Allegations Ben Roberts-Smith dragged a prisoner with a prosthetic leg outside an Afghan compound before machine-gunning him were backed up by numerous witnesses, a court has heard.

The decorated war veteran is appealing a Federal Court judgment that in June dismissed his defamation case over 2018 reports about his involvement in the murder of four unarmed prisoners while deployed in Afghanistan in 2009 and 2012.

On Tuesday, a barrister representing the newspapers behind the reports said allegations about the murder of a prisoner with a prosthetic leg outside a compound called Whiskey 108 had been corroborated by four soldiers.

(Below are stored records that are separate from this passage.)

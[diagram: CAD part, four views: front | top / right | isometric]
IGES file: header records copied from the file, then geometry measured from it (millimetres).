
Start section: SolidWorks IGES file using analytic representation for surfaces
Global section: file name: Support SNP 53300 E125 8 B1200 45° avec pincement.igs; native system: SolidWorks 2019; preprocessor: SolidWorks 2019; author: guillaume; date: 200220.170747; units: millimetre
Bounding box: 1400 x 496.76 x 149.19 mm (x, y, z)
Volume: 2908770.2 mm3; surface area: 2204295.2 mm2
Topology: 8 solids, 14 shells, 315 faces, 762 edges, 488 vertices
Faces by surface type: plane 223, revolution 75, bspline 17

Mr Roberts-Smith claims he shot the man legitimately because he was a Taliban insurgent.

But barrister Nicholas Owens SC said three witnesses gave “strikingly coherent accounts” of the 45-year-old ex-soldier manhandling the man before throwing him to the ground and machine-gunning him in 2009.

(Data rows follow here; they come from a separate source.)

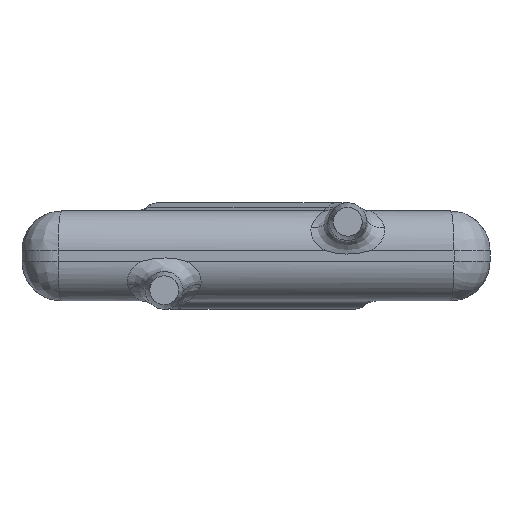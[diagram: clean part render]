
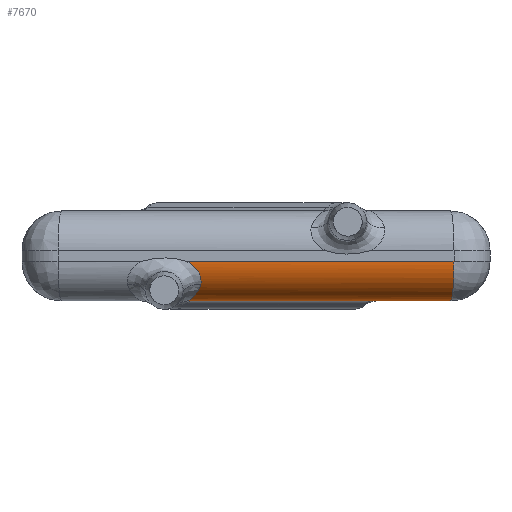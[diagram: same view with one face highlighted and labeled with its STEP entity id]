
A CAD part, front view. The second image highlights one B-rep face of the part: STEP entity #7670.
In plain terms, the highlighted cylindrical face has radius 1.1 mm (diameter 2.2 mm), a partial arc.
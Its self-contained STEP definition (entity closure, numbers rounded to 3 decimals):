
#92=CYLINDRICAL_SURFACE('',#7940,1.1);
#668=LINE('',#13398,#1078);
#670=LINE('',#13402,#1080);
#1078=VECTOR('',#8726,1000.);
#1080=VECTOR('',#8730,1000.);
#2410=ORIENTED_EDGE('',*,*,#3429,.T.);
#2411=ORIENTED_EDGE('',*,*,#3453,.T.);
#2412=ORIENTED_EDGE('',*,*,#3454,.T.);
#2413=ORIENTED_EDGE('',*,*,#3451,.T.);
#2414=ORIENTED_EDGE('',*,*,#3426,.T.);
#3426=EDGE_CURVE('',#4038,#4041,#4414,.T.);
#3429=EDGE_CURVE('',#4041,#4043,#4417,.T.);
#3451=EDGE_CURVE('',#4056,#4038,#668,.T.);
#3453=EDGE_CURVE('',#4043,#4057,#670,.T.);
#3454=EDGE_CURVE('',#4057,#4056,#4422,.T.);
#4038=VERTEX_POINT('',#13215);
#4041=VERTEX_POINT('',#13237);
#4043=VERTEX_POINT('',#13278);
#4056=VERTEX_POINT('',#13399);
#4057=VERTEX_POINT('',#13403);
#4414=B_SPLINE_CURVE_WITH_KNOTS('',3,(#13238,#13239,#13240,#13241),
 .UNSPECIFIED.,.F.,.F.,(4,4),(0.,1.),.UNSPECIFIED.);
#4417=B_SPLINE_CURVE_WITH_KNOTS('',3,(#13279,#13280,#13281,#13282,#13283,
#13284,#13285,#13286,#13287,#13288,#13289,#13290),.UNSPECIFIED.,.F.,.F.,
(4,1,1,1,1,1,1,1,1,4),(0.,0.125,0.188,0.25,0.375,0.5,0.563,0.625,0.75,
1.),.UNSPECIFIED.);
#4422=B_SPLINE_CURVE_WITH_KNOTS('',3,(#13404,#13405,#13406,#13407,#13408,
#13409,#13410,#13411,#13412),.UNSPECIFIED.,.F.,.F.,(4,1,1,1,1,1,4),(0.,
0.25,0.375,0.5,0.625,0.75,1.),.UNSPECIFIED.);
#4704=EDGE_LOOP('',(#2410,#2411,#2412,#2413,#2414));
#5042=FACE_BOUND('',#4704,.T.);
#7670=ADVANCED_FACE('',(#5042),#92,.T.);
#7940=AXIS2_PLACEMENT_3D('',#13401,#8728,#8729);
#8726=DIRECTION('',(-1.,0.,0.));
#8728=DIRECTION('',(-1.,0.,0.));
#8729=DIRECTION('',(0.,-0.707,-0.707));
#8730=DIRECTION('',(1.,0.,0.));
#13215=CARTESIAN_POINT('',(-1.92,-7.5,-0.15));
#13237=CARTESIAN_POINT('',(-1.534,-7.294,-0.791));
#13238=CARTESIAN_POINT('',(-1.92,-7.5,-0.15));
#13239=CARTESIAN_POINT('',(-1.629,-7.5,-0.307));
#13240=CARTESIAN_POINT('',(-1.491,-7.455,-0.566));
#13241=CARTESIAN_POINT('',(-1.534,-7.294,-0.791));
#13278=CARTESIAN_POINT('',(-1.909,-6.4,-1.25));
#13279=CARTESIAN_POINT('',(-1.534,-7.294,-0.791));
#13280=CARTESIAN_POINT('',(-1.539,-7.272,-0.822));
#13281=CARTESIAN_POINT('',(-1.554,-7.234,-0.87));
#13282=CARTESIAN_POINT('',(-1.587,-7.169,-0.937));
#13283=CARTESIAN_POINT('',(-1.588,-7.171,-0.934));
#13284=CARTESIAN_POINT('',(-1.627,-7.107,-0.995));
#13285=CARTESIAN_POINT('',(-1.688,-7.003,-1.075));
#13286=CARTESIAN_POINT('',(-1.763,-6.86,-1.151));
#13287=CARTESIAN_POINT('',(-1.825,-6.738,-1.199));
#13288=CARTESIAN_POINT('',(-1.883,-6.588,-1.239));
#13289=CARTESIAN_POINT('',(-1.909,-6.465,-1.25));
#13290=CARTESIAN_POINT('',(-1.909,-6.4,-1.25));
#13398=CARTESIAN_POINT('',(-2.75,-7.5,-0.15));
#13399=CARTESIAN_POINT('',(5.5,-7.5,-0.15));
#13401=CARTESIAN_POINT('',(-2.75,-6.4,-0.15));
#13402=CARTESIAN_POINT('',(-2.75,-6.4,-1.25));
#13403=CARTESIAN_POINT('',(5.4,-6.4,-1.25));
#13404=CARTESIAN_POINT('',(5.4,-6.4,-1.25));
#13405=CARTESIAN_POINT('',(5.418,-6.594,-1.25));
#13406=CARTESIAN_POINT('',(5.439,-6.84,-1.178));
#13407=CARTESIAN_POINT('',(5.461,-7.069,-1.027));
#13408=CARTESIAN_POINT('',(5.47,-7.166,-0.947));
#13409=CARTESIAN_POINT('',(5.485,-7.333,-0.75));
#13410=CARTESIAN_POINT('',(5.496,-7.46,-0.495));
#13411=CARTESIAN_POINT('',(5.5,-7.5,-0.284));
#13412=CARTESIAN_POINT('',(5.5,-7.5,-0.15));

“All three of them support that coherent and essential narrative,” he told the Full Court.

A fourth witness said he had seen the body on the ground and recognised the man as a prisoner who had been brought out of a tunnel discovered in the Whiskey 108 compound.

The media reports were published by the Nine-owned Sydney Morning Herald and The Age, as well as The Canberra Times. 

They alleged that, in addition to killing the man with the prosthetic leg, Mr Roberts-Smith also ordered a junior member of the SAS to kill another unarmed prisoner found in the Whiskey 108 tunnel in order to “blood the rookie.”

The Victoria Cross recipient does not dispute the killing occurred but claims the man was shot lawfully.

Mr Owens said there was a “powerful inference” the junior soldier, known as Person Four, had stopped to put a suppressor on his M4 rifle before shooting the man in the head.

“It is inconsistent with a legitimate engagement because it implies a level of premeditation,” he said.

“That is only consistent with the illegitimate nature of the killing, because there is no reason to conceal a killing which is a lawful engagement.”

Mr Roberts-Smith was also said to have kicked handcuffed prisoner Ali Jan off a cliff before dragging him across a creek bed and ordering his execution in a cornfield near the village of Darwan in September 2012.

Mr Owens said Afghan villagers called to give evidence about this killing should be believed because their version of what happened was consistent with what Australian soldiers had recalled.

The ex-SAS corporal also ordered the execution of a prisoner after a weapons cache was found in the village of Chinartu in October 2012, Justice Besanko found.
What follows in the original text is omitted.